I'm looking for a way to sample lists of probabilities.

7    29 Jan 2015 21:41 by u/gunfourhigher

I am working on a text synthesis program that reads in text and makes markov chains, but I need to weight the chains. Instead of having nodes that just have a list of words ex:(cat, dog) after "a", I need to have something like (cat:30, dog:70) where if I sample the letter a a hundred times, I get ~30ish cats and ~70ish dogs.

I am sure that this problem has been solved efficiently, or at least more so than what I am about to write. I am thinking of having a lists of 100 elements, and having the ratios of dogs to cats match the elements, and sampling the entire list randomly. I could then increase the size of the list later to account for granularity, but since I am going to be dealing with thousands of words, this isnt the best option as far as memory goes.

I hope someone understands what I'm trying to say!

It's worth noting that I can write whatever backend to this that I need, I'm not worried about details.

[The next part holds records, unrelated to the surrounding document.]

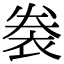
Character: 𧙯
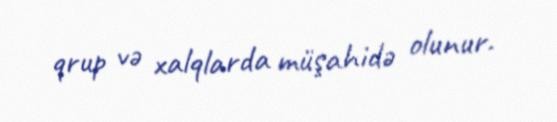
qrup və xalqlarda müşahidə olunur.
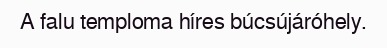
A falu temploma híres búcsújáróhely.
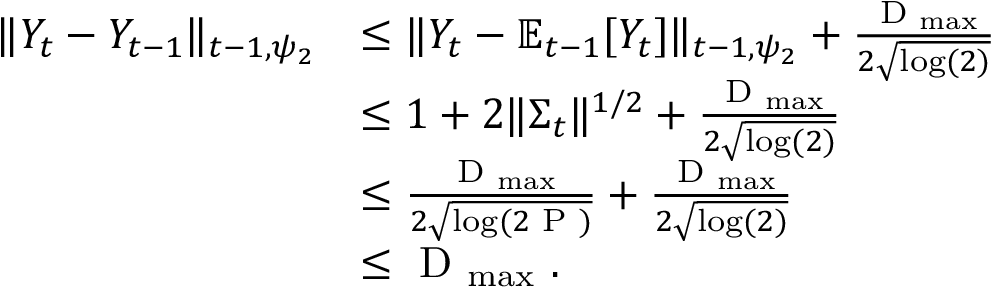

I'm not trying to get the code written for me, I just need to know what this is called, and where I can find out more about it. I don't want to appear like someone trying to bamboozle you into doing my homework!

6 comments

1

This reminds me of a school task I worked on with MapReduce. Perhaps MapReduce might be helpful?

1

No, not really. I'm using Ruby for this project, and the solution will be pure ruby. I've run across probability vectors since my initial post, and I haven't had much time to look, but I think that's what I need.

1

Problem description is not too clear

1

I did this in CoffeeScript. Let me explain the algorithm:

  • gather all of your probability objects
  • sort them in ascending order
  • sum your probabilities
  • create a sum sequence of your probabilities
  • choose an int in the range [smallest..sum]
  • choose the first probability larger than your int chosen above

note, this assumes positive probabilities (but really, who uses negative probabilities)

a sample run could be below:

  • [10, 100, 500, 800, 1000] (sorted)
  • sum: 2410
  • [10, 110, 610, 1410, 2410] (sequenced)
  • chosen: 705
  • [10, 110, 610, 1410, 2410] (ignore anything <705)
  • result: 1410 (choose first result)

Let me know how this works out, or if you have questions.

1

That's basically a probability vector, but instead of using 1.0, you're running your own limit and adjusting it on the fly. Thanks for sharing though, I hadn't even thought about doing it that way!

0

No problem. Sorry I couldn't be more helpful.